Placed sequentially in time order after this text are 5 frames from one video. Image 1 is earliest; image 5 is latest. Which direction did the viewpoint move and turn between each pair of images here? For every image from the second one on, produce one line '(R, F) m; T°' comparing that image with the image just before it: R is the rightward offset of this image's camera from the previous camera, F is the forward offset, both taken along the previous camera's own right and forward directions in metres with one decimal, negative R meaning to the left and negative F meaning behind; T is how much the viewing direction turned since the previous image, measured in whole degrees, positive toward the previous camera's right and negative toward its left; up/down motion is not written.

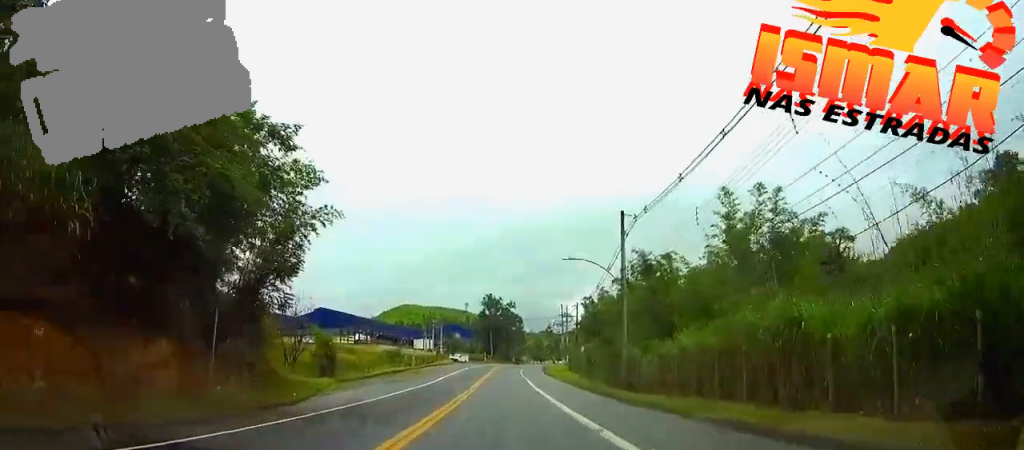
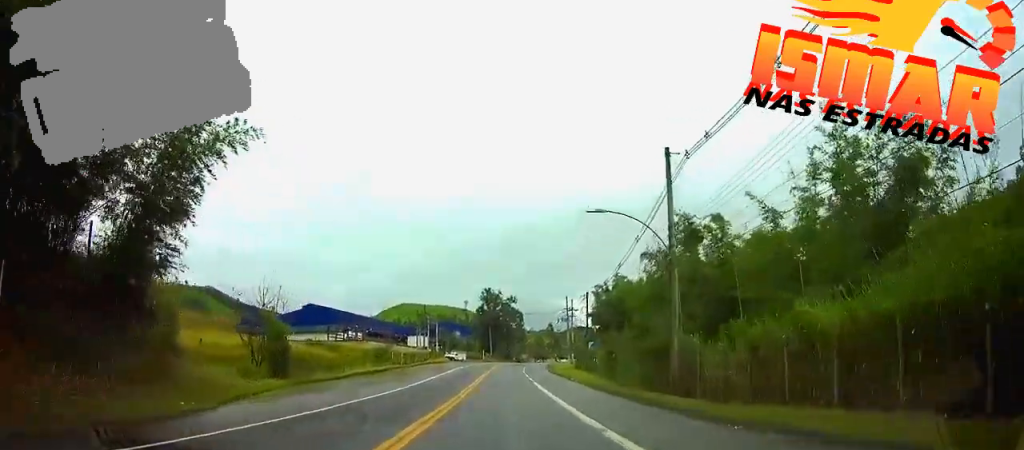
(0.0, +10.8) m; 0°
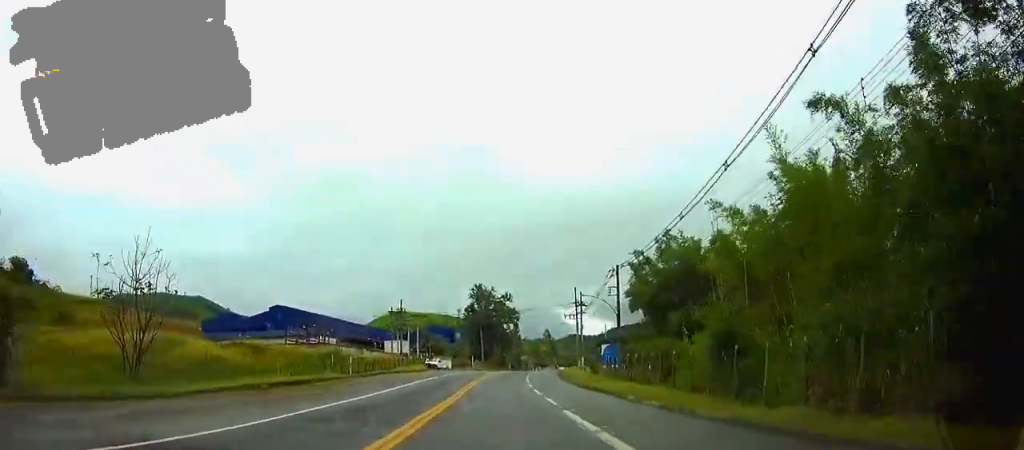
(0.0, +24.4) m; 0°
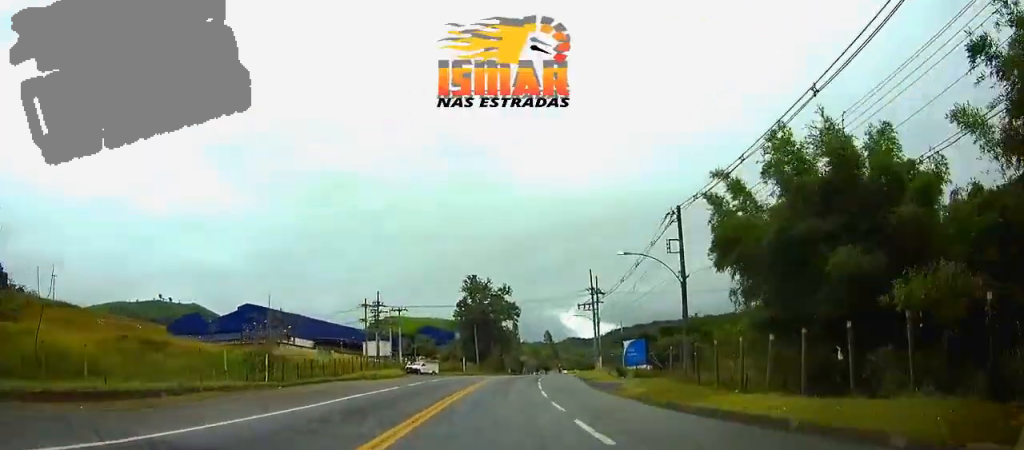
(+0.1, +20.1) m; +1°
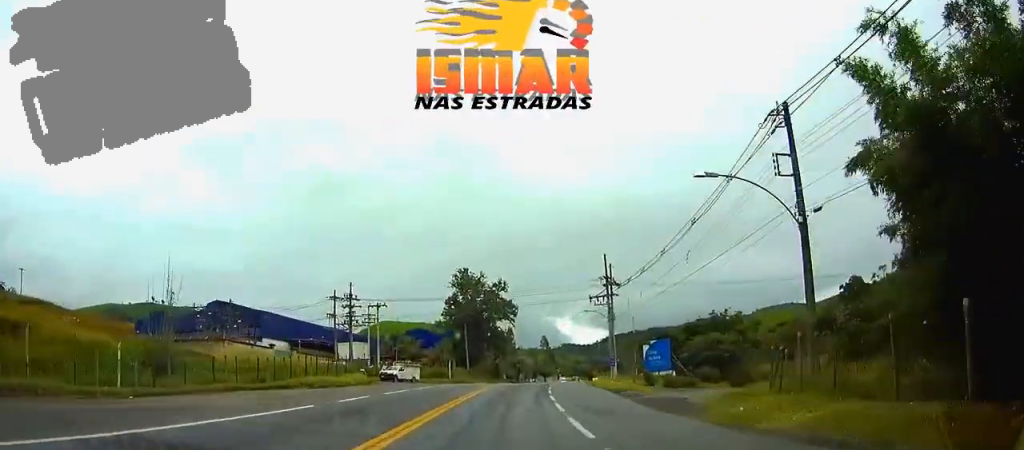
(+0.1, +14.7) m; +1°

**PROBLEM DETAILS:** Reprint every record exactly and skip the pictures.

**RESULT OF THIS TASK:**
Placed sequentially in time order after this text are 5 frames from one video. Image 1 is earliest; image 5 is latest. Which direction did the viewpoint move and turn between each pair of images here? For every image from the second one on, produce one line '(R, F) m; T°' comparing that image with the image just before it: R is the rightward offset of this image's camera from the previous camera, F is the forward offset, both taken along the previous camera's own right and forward directions in metres with one decimal, negative R meaning to the left and negative F meaning behind; T is how much the viewing direction turned since the previous image, measured in whole degrees, positive toward the previous camera's right and negative toward its left; up/down motion is not written.

(0.0, +10.8) m; 0°
(0.0, +24.4) m; 0°
(+0.1, +20.1) m; +1°
(+0.1, +14.7) m; +1°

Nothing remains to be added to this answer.